XENIA — Trial for Bellbrook-Sugarcreek schools Superintendent Doug Cozad, already delayed because two judges excused themselves from the case, is now set back until early October as a third judge has accepted the assignment to handle the case.

>> RELATED: School board trial loses another judge

That third judge refused to throw out the case against Superintendent Doug Cozad as well as current and former school board members on charges of illegal transaction of public money and dereliction of duty.

Families in Bellbrook are ready for the case to be over and done with because they want a fresh start for the 2022-23 school year.

“I just think it speaks bad for Bellbrook,” Sadonna Schofield told News Center 7′s Molly Koweek on Wednesday evening.

Cozad’s attorney filed motions asking the trial judge to disqualify the special prosecutor in the case and dismiss the entire case on constitutional ground.

Monday, the trial judge overruled both motions to keep the case pointed toward an Oct. 3 start date.

Here’s a timeline about the case, according to Xenia Municipal Court filings:

◊ Cozad and school board members used taxpayer money to promote a levy

◊ The levy failed and Cozad is accused of authorizing more than $37,000 to hire consulting company to help with communication and messaging

◊ About the same time Cozad hired the consultant, the school district hired a research company to survey registered voters by phone. The district said Cozad reviewed and approved the questions and the $15,000 that was paid to the research company.

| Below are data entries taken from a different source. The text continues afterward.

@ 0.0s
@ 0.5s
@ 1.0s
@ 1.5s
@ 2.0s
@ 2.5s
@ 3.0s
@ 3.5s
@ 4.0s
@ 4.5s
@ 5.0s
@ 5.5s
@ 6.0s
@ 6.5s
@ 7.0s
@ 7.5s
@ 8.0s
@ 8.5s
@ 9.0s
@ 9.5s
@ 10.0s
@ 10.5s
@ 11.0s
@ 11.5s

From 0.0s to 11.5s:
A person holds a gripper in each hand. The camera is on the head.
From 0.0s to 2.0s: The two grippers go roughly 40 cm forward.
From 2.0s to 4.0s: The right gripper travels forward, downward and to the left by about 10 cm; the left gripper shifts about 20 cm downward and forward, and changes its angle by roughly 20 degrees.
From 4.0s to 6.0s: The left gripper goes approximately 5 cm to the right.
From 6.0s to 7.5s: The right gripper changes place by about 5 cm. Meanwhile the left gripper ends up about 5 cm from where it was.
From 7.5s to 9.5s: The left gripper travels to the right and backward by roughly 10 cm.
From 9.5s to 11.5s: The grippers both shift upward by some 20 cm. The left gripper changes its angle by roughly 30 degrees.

Cozad’s attorney and the prosecutors have argued in court for months trying to convince the various trial judges that have been assigned to handle the trial why the case should be thrown out or why it should be heard in a courtroom.

Wednesday, Cozad’s attorney declined extended comment, but said, “we respect the court’s decision and will proceed as is appropriate.”

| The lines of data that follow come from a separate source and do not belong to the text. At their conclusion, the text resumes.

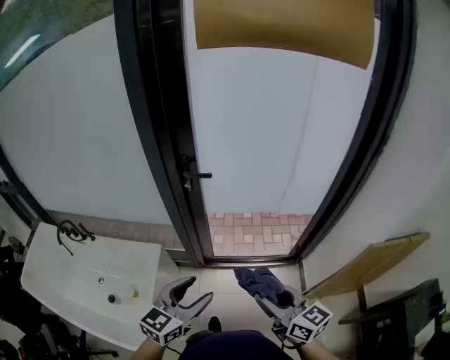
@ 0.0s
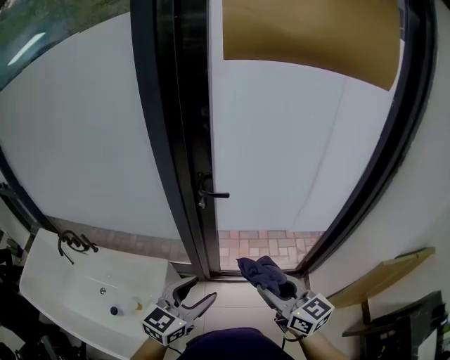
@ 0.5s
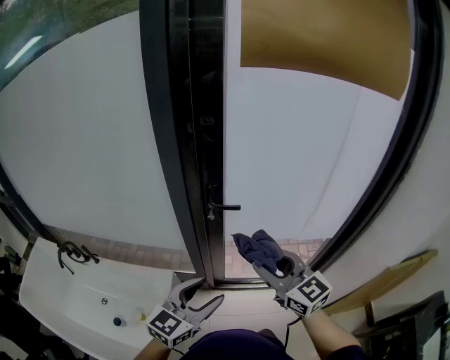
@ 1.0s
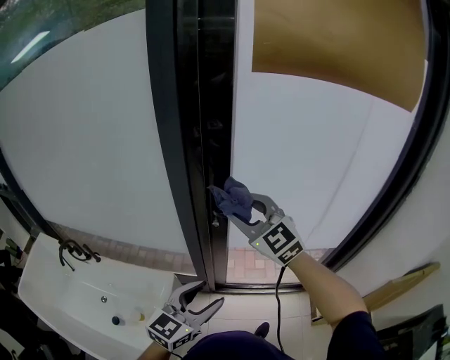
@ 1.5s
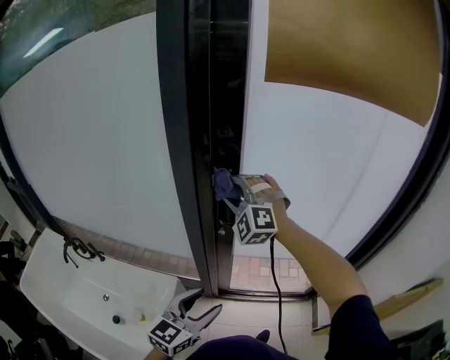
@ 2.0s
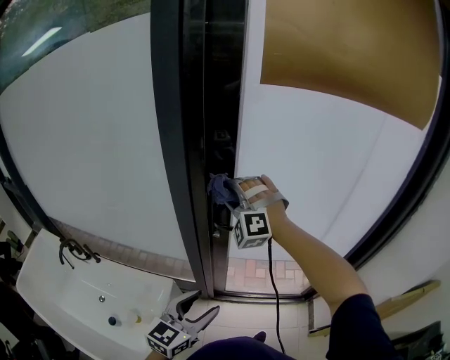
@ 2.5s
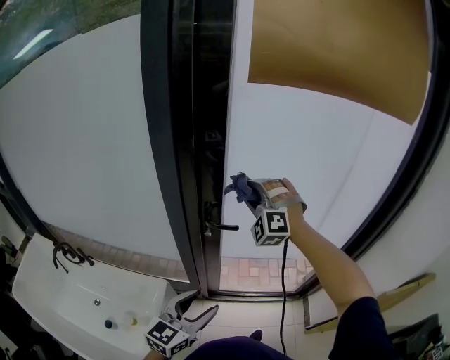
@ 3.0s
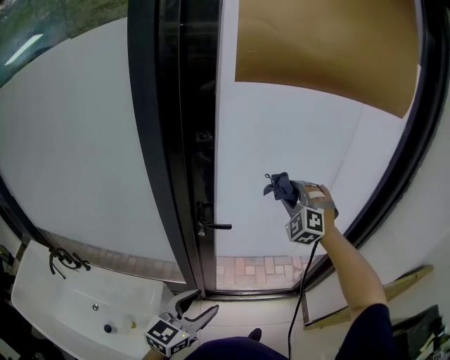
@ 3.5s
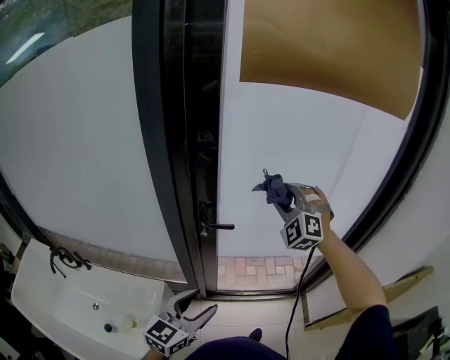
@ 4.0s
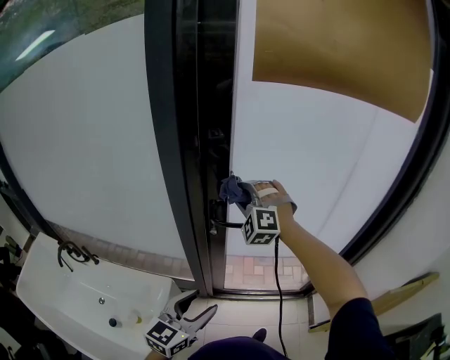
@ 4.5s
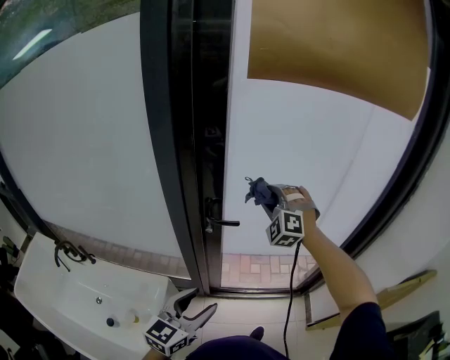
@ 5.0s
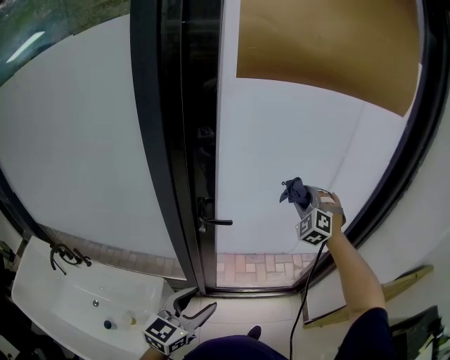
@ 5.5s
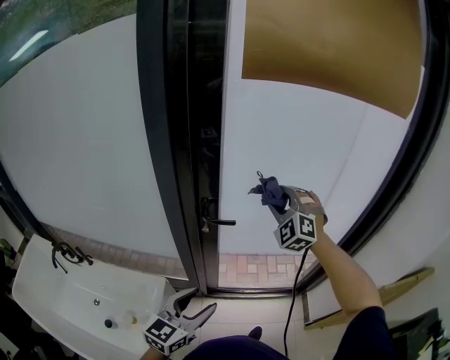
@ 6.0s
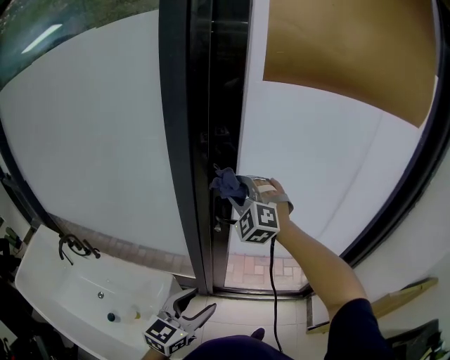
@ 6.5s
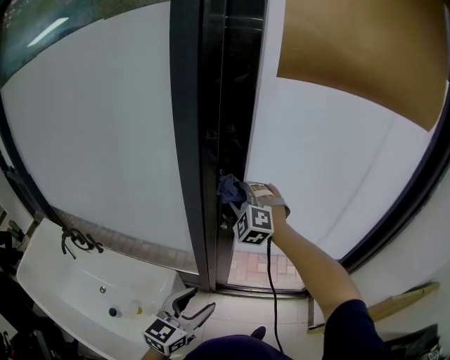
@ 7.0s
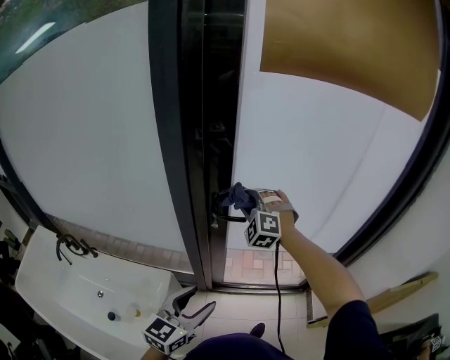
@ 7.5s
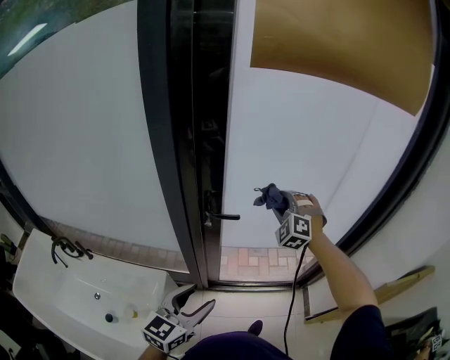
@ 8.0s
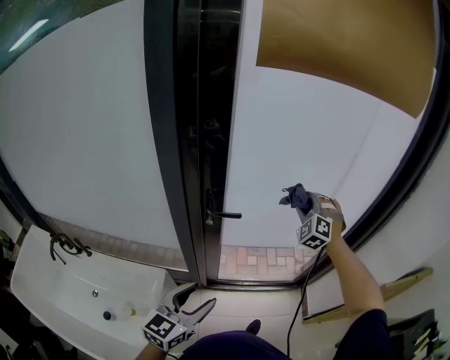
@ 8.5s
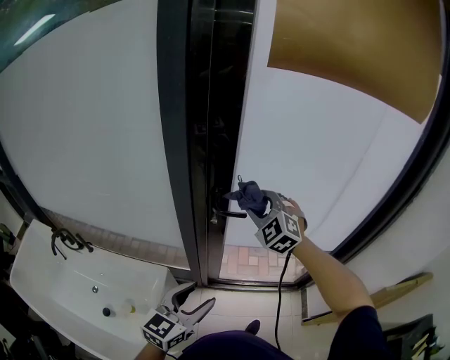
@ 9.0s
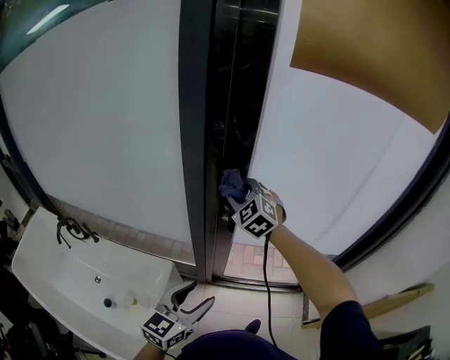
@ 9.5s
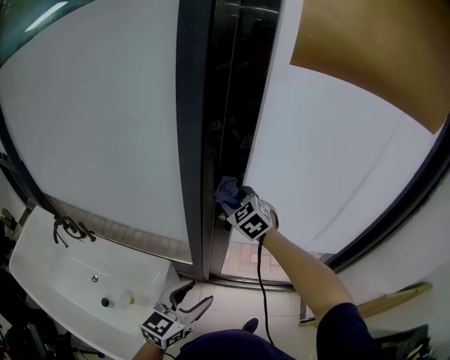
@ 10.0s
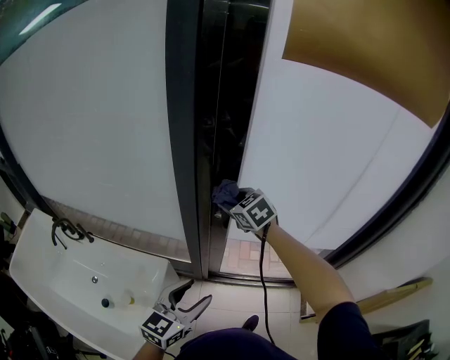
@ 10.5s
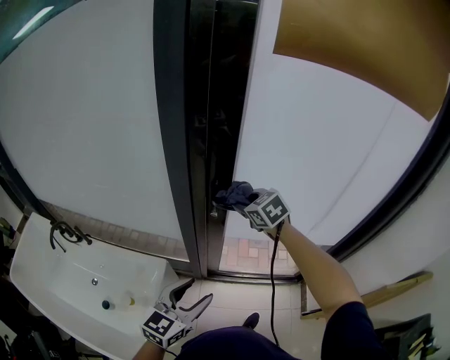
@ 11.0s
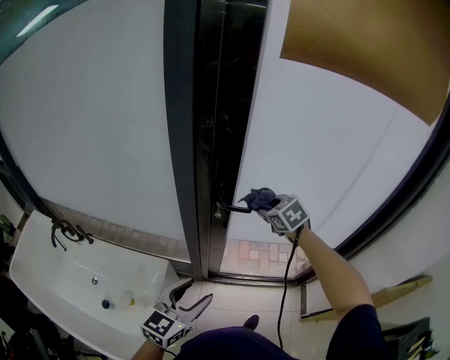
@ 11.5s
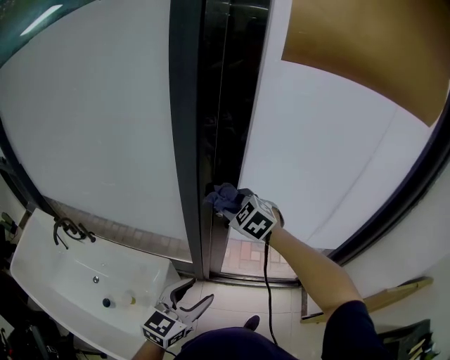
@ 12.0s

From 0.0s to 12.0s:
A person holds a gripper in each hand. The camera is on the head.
From 0.0s to 2.0s: The right gripper goes some 50 cm forward and to the left, and rolls counterclockwise, seen from behind, by roughly 90 degrees. Meanwhile the left gripper travels forward and to the left by about 20 cm.
From 2.0s to 4.0s: The right gripper shifts roughly 20 cm to the right.
From 4.0s to 6.0s: The right gripper goes left and right, approximately 25 cm each way, reversing 2 times.
From 6.0s to 8.0s: The right gripper shifts about 10 cm downward, and travels to the left and back again, approximately 20 cm each way.
From 8.0s to 10.0s: The right gripper heads to the left, covering approximately 20 cm, and changes its angle by approximately 40 degrees.
From 10.0s to 12.0s: The right gripper travels to the right and back again, some 15 cm each way.

While Cozad faces the eight criminal counts in all (four involving the transaction of public money and four involving dereliction), there are two former and one current board member charged in the case as well.

Co-defendants David Carpenter, Virginia Slouffman and Elizabeth Betz each face single counts of illegal transaction of public funds and dereliction of duty, according to online court records.

One of the co-defendants, current board member Betz, sought to have the case against her dismissed. The judge denied her request.

John Uhl, fraud investigator with the state auditor’s special investigations unit, filed the charges in November 2021.